Write out the listing below without alteration, omitting its pictures.
Data for analysis START
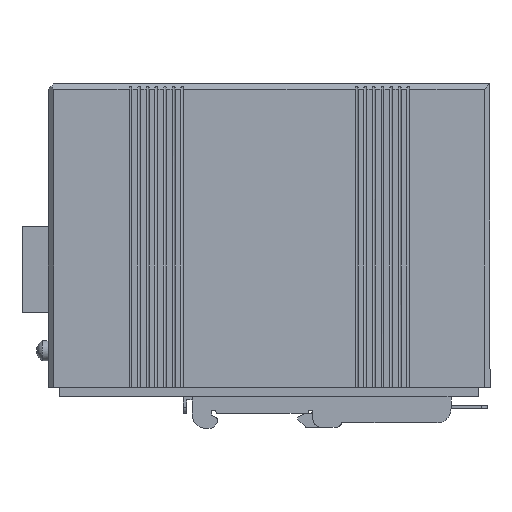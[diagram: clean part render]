
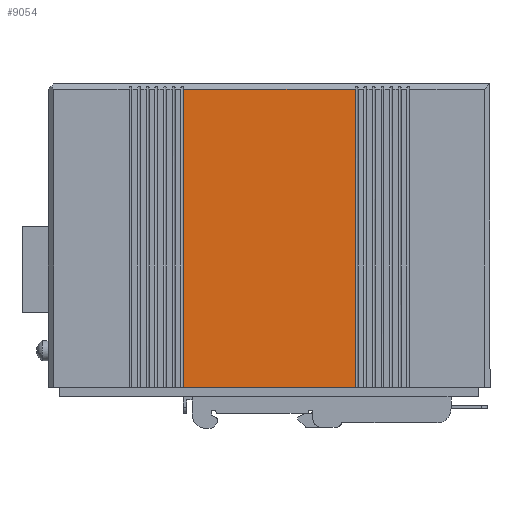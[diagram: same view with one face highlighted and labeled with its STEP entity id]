
A CAD part, left-side view. The second image highlights one B-rep face of the part: STEP entity #9054.
In plain terms, the highlighted planar face has unit normal (-1, 0, 0).
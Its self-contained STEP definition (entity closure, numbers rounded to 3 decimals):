
#6618=AXIS2_PLACEMENT_3D('Plane Axis2P3D',#6615,#6616,#6617) ;
#1388=CARTESIAN_POINT('Vertex',(0.,46.85,14.25)) ;
#1391=CARTESIAN_POINT('Line Origine',(0.,76.65,14.25)) ;
#1395=CARTESIAN_POINT('Vertex',(0.,106.45,14.25)) ;
#6080=CARTESIAN_POINT('Vertex',(0.,106.45,117.8)) ;
#6083=CARTESIAN_POINT('Line Origine',(0.,76.65,117.8)) ;
#6087=CARTESIAN_POINT('Vertex',(0.,46.85,117.8)) ;
#6615=CARTESIAN_POINT('Axis2P3D Location',(0.,76.8,67.025)) ;
#9030=CARTESIAN_POINT('Line Origine',(0.,106.45,66.025)) ;
#9043=CARTESIAN_POINT('Line Origine',(0.,46.85,66.025)) ;
#1392=DIRECTION('Vector Direction',(0.,1.,0.)) ;
#6084=DIRECTION('Vector Direction',(0.,-1.,0.)) ;
#6616=DIRECTION('Axis2P3D Direction',(1.,0.,0.)) ;
#6617=DIRECTION('Axis2P3D XDirection',(0.,0.,-1.)) ;
#9031=DIRECTION('Vector Direction',(0.,0.,1.)) ;
#9044=DIRECTION('Vector Direction',(0.,0.,1.)) ;
#1393=VECTOR('Line Direction',#1392,1.) ;
#6085=VECTOR('Line Direction',#6084,1.) ;
#9032=VECTOR('Line Direction',#9031,1.) ;
#9045=VECTOR('Line Direction',#9044,1.) ;
#9049=ORIENTED_EDGE('',*,*,#6089,.F.) ;
#9050=ORIENTED_EDGE('',*,*,#9034,.F.) ;
#9051=ORIENTED_EDGE('',*,*,#1397,.F.) ;
#9052=ORIENTED_EDGE('',*,*,#9047,.T.) ;
#9054=ADVANCED_FACE('SWITCH',(#9053),#6619,.F.) ;
#1397=EDGE_CURVE('',#1389,#1396,#1394,.T.) ;
#6089=EDGE_CURVE('',#6081,#6088,#6086,.T.) ;
#9034=EDGE_CURVE('',#1396,#6081,#9033,.T.) ;
#9047=EDGE_CURVE('',#1389,#6088,#9046,.T.) ;
#9048=EDGE_LOOP('',(#9049,#9050,#9051,#9052)) ;
#9053=FACE_OUTER_BOUND('',#9048,.T.) ;
#1394=LINE('Line',#1391,#1393) ;
#6086=LINE('Line',#6083,#6085) ;
#9033=LINE('Line',#9030,#9032) ;
#9046=LINE('Line',#9043,#9045) ;
#6619=PLANE('',#6618) ;
#1389=VERTEX_POINT('',#1388) ;
#1396=VERTEX_POINT('',#1395) ;
#6081=VERTEX_POINT('',#6080) ;
#6088=VERTEX_POINT('',#6087) ;
Data for analysis END
Task solution:
[diagram: clean part render]
[diagram: same view with one face highlighted and labeled with its STEP entity id]
A CAD part, left-side view. The second image highlights one B-rep face of the part: STEP entity #9054.
In plain terms, the highlighted planar face has unit normal (-1, 0, 0).
Its self-contained STEP definition (entity closure, numbers rounded to 3 decimals):
#6618=AXIS2_PLACEMENT_3D('Plane Axis2P3D',#6615,#6616,#6617) ;
#1388=CARTESIAN_POINT('Vertex',(0.,46.85,14.25)) ;
#1391=CARTESIAN_POINT('Line Origine',(0.,76.65,14.25)) ;
#1395=CARTESIAN_POINT('Vertex',(0.,106.45,14.25)) ;
#6080=CARTESIAN_POINT('Vertex',(0.,106.45,117.8)) ;
#6083=CARTESIAN_POINT('Line Origine',(0.,76.65,117.8)) ;
#6087=CARTESIAN_POINT('Vertex',(0.,46.85,117.8)) ;
#6615=CARTESIAN_POINT('Axis2P3D Location',(0.,76.8,67.025)) ;
#9030=CARTESIAN_POINT('Line Origine',(0.,106.45,66.025)) ;
#9043=CARTESIAN_POINT('Line Origine',(0.,46.85,66.025)) ;
#1392=DIRECTION('Vector Direction',(0.,1.,0.)) ;
#6084=DIRECTION('Vector Direction',(0.,-1.,0.)) ;
#6616=DIRECTION('Axis2P3D Direction',(1.,0.,0.)) ;
#6617=DIRECTION('Axis2P3D XDirection',(0.,0.,-1.)) ;
#9031=DIRECTION('Vector Direction',(0.,0.,1.)) ;
#9044=DIRECTION('Vector Direction',(0.,0.,1.)) ;
#1393=VECTOR('Line Direction',#1392,1.) ;
#6085=VECTOR('Line Direction',#6084,1.) ;
#9032=VECTOR('Line Direction',#9031,1.) ;
#9045=VECTOR('Line Direction',#9044,1.) ;
#9049=ORIENTED_EDGE('',*,*,#6089,.F.) ;
#9050=ORIENTED_EDGE('',*,*,#9034,.F.) ;
#9051=ORIENTED_EDGE('',*,*,#1397,.F.) ;
#9052=ORIENTED_EDGE('',*,*,#9047,.T.) ;
#9054=ADVANCED_FACE('SWITCH',(#9053),#6619,.F.) ;
#1397=EDGE_CURVE('',#1389,#1396,#1394,.T.) ;
#6089=EDGE_CURVE('',#6081,#6088,#6086,.T.) ;
#9034=EDGE_CURVE('',#1396,#6081,#9033,.T.) ;
#9047=EDGE_CURVE('',#1389,#6088,#9046,.T.) ;
#9048=EDGE_LOOP('',(#9049,#9050,#9051,#9052)) ;
#9053=FACE_OUTER_BOUND('',#9048,.T.) ;
#1394=LINE('Line',#1391,#1393) ;
#6086=LINE('Line',#6083,#6085) ;
#9033=LINE('Line',#9030,#9032) ;
#9046=LINE('Line',#9043,#9045) ;
#6619=PLANE('',#6618) ;
#1389=VERTEX_POINT('',#1388) ;
#1396=VERTEX_POINT('',#1395) ;
#6081=VERTEX_POINT('',#6080) ;
#6088=VERTEX_POINT('',#6087) ;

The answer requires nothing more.